**INPUT RECORDS**
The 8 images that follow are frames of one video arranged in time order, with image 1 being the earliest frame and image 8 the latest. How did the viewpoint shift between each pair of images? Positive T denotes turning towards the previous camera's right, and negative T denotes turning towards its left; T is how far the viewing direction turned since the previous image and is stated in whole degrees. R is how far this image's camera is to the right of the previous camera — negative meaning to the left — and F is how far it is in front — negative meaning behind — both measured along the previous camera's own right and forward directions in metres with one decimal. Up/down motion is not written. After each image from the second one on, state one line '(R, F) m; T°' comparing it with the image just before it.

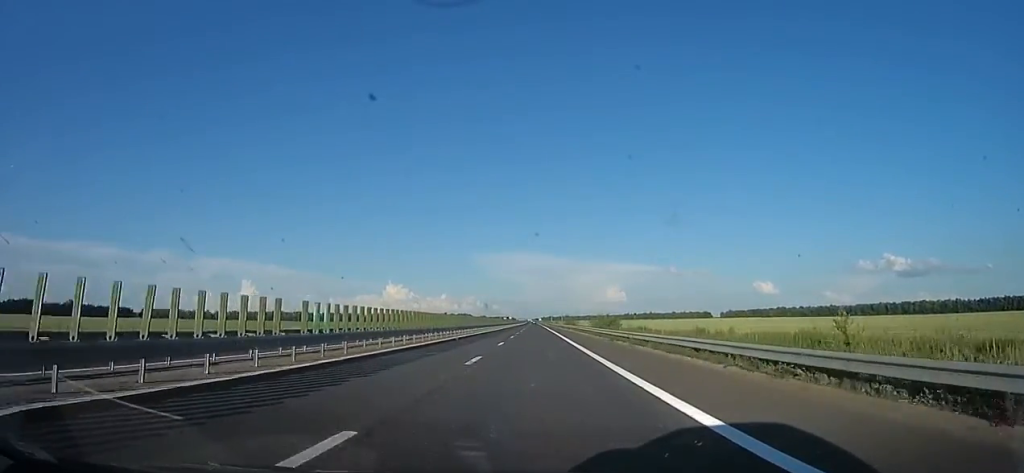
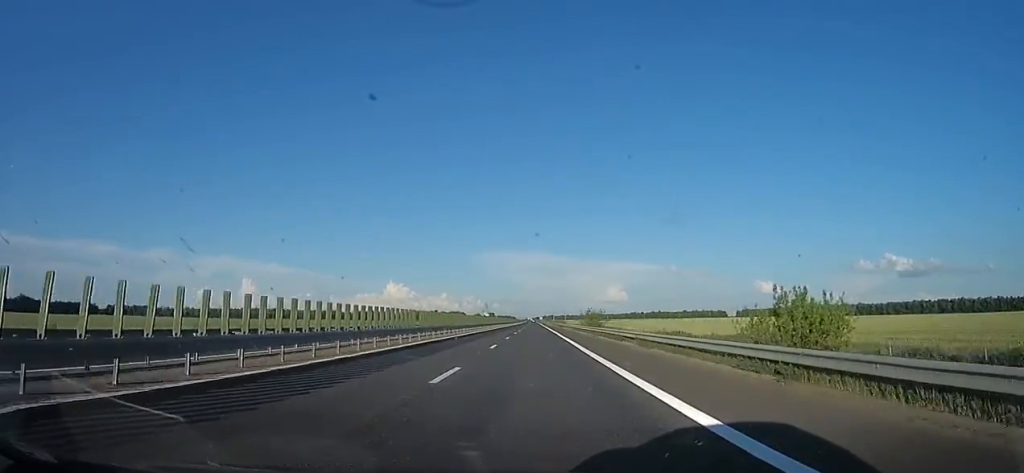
(-1.5, +64.3) m; -1°
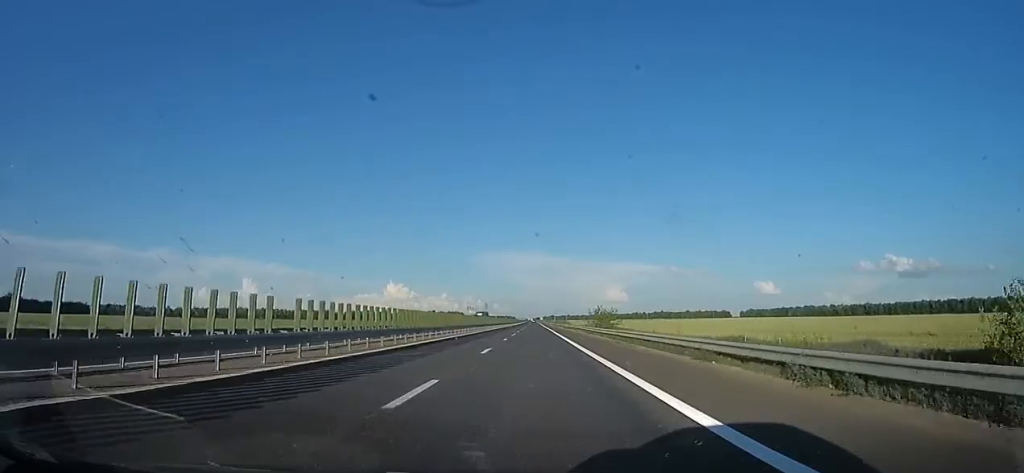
(+0.3, +14.9) m; +1°
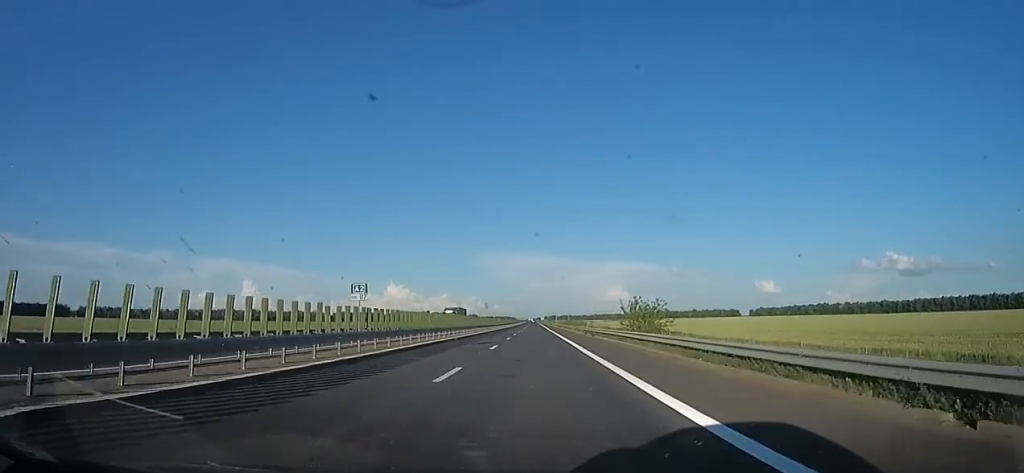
(+0.2, +32.9) m; 0°
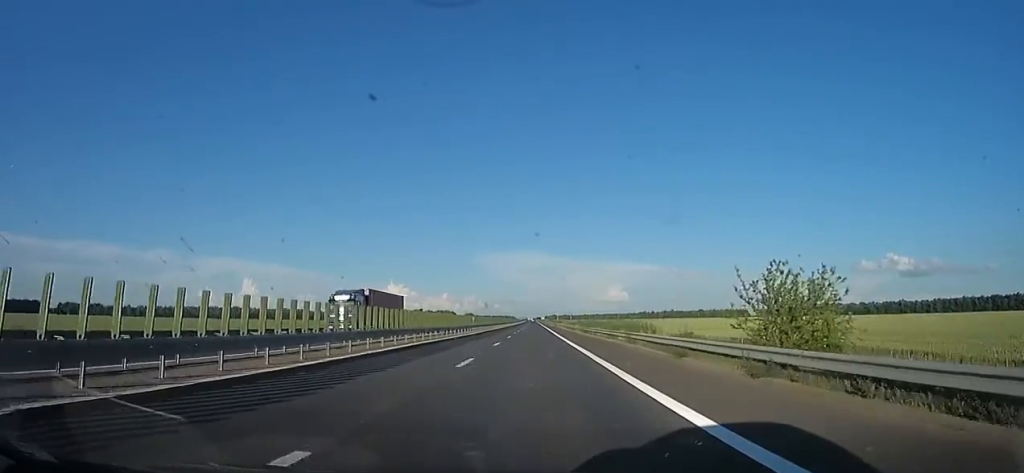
(0.0, +33.4) m; 0°
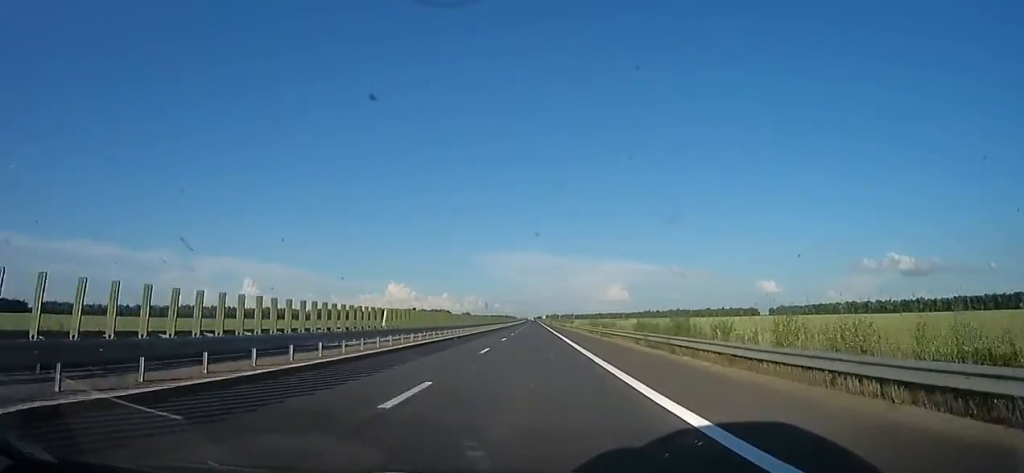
(0.0, +30.4) m; 0°
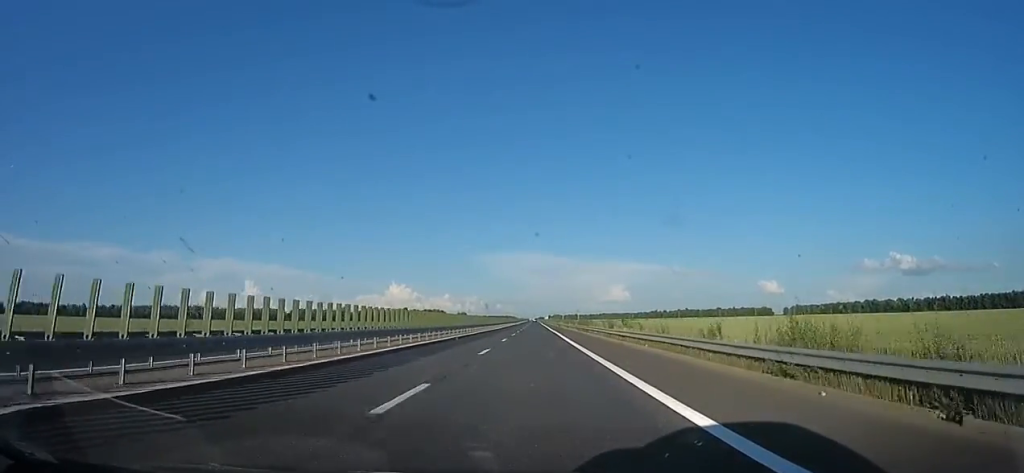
(0.0, +36.4) m; 0°
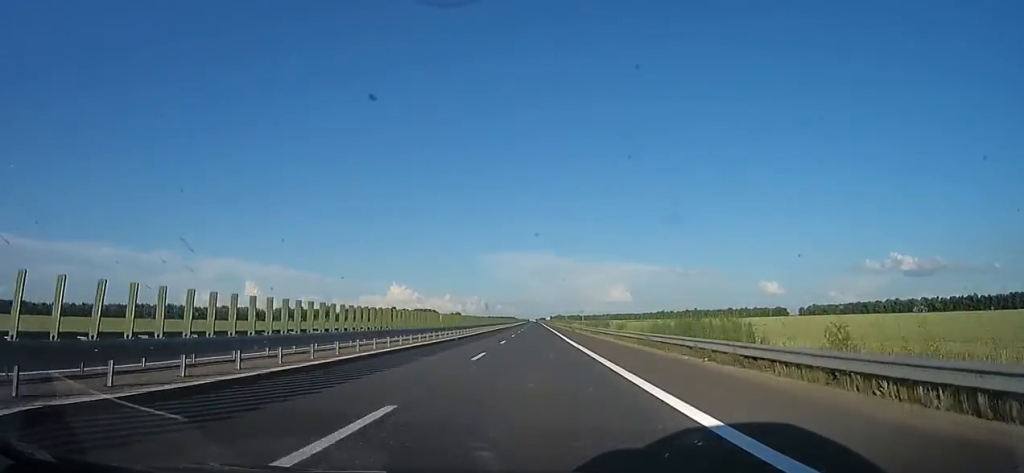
(0.0, +38.1) m; +1°

**TASK DIRECTIONS**
The copy you write must hold every record verbatim and none of the pictures.

**ANSWER SECTION**
The 8 images that follow are frames of one video arranged in time order, with image 1 being the earliest frame and image 8 the latest. How did the viewpoint shift between each pair of images? Positive T denotes turning towards the previous camera's right, and negative T denotes turning towards its left; T is how far the viewing direction turned since the previous image and is stated in whole degrees. R is how far this image's camera is to the right of the previous camera — negative meaning to the left — and F is how far it is in front — negative meaning behind — both measured along the previous camera's own right and forward directions in metres with one decimal. Up/down motion is not written. After each image from the second one on, state one line '(R, F) m; T°' comparing it with the image just before it.

(-1.5, +64.3) m; -1°
(+0.3, +14.9) m; +1°
(+0.2, +32.9) m; 0°
(0.0, +33.4) m; 0°
(0.0, +30.4) m; 0°
(0.0, +36.4) m; 0°
(0.0, +38.1) m; +1°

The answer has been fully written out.